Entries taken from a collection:
···
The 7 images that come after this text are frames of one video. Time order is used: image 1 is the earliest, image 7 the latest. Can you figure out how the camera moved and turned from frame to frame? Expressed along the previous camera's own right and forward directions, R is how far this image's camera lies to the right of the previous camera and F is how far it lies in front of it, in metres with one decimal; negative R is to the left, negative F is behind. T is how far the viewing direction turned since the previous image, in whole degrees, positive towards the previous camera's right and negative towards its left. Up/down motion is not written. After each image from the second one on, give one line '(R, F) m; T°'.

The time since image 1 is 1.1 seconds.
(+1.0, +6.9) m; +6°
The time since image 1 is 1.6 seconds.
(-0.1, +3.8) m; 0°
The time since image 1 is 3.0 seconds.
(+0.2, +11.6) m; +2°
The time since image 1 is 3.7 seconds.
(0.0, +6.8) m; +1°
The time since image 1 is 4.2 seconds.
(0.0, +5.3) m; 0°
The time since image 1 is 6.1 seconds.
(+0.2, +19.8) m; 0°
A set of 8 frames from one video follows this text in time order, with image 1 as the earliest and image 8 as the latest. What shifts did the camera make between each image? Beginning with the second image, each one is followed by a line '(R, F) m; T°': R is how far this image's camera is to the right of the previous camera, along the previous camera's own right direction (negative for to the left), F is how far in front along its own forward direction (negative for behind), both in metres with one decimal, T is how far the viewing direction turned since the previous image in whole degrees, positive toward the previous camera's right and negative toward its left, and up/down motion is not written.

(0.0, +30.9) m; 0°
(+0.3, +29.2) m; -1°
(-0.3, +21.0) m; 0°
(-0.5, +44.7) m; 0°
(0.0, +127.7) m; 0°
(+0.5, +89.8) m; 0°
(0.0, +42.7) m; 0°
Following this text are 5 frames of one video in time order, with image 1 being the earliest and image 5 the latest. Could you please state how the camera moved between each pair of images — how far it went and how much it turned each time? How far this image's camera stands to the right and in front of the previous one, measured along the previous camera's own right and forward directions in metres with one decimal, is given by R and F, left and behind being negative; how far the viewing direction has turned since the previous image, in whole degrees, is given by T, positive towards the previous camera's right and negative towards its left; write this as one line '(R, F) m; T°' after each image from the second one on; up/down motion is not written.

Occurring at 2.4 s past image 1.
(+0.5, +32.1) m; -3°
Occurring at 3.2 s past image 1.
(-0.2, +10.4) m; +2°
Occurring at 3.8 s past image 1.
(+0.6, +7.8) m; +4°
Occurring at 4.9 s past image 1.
···
DIRECTIONS:
What you copy out must be exactly the lines from the line containing "Occurring at 3.8 s past image 1." through the end of the records.

ANSWER BOX:
Occurring at 3.8 s past image 1.
(+0.6, +7.8) m; +4°
Occurring at 4.9 s past image 1.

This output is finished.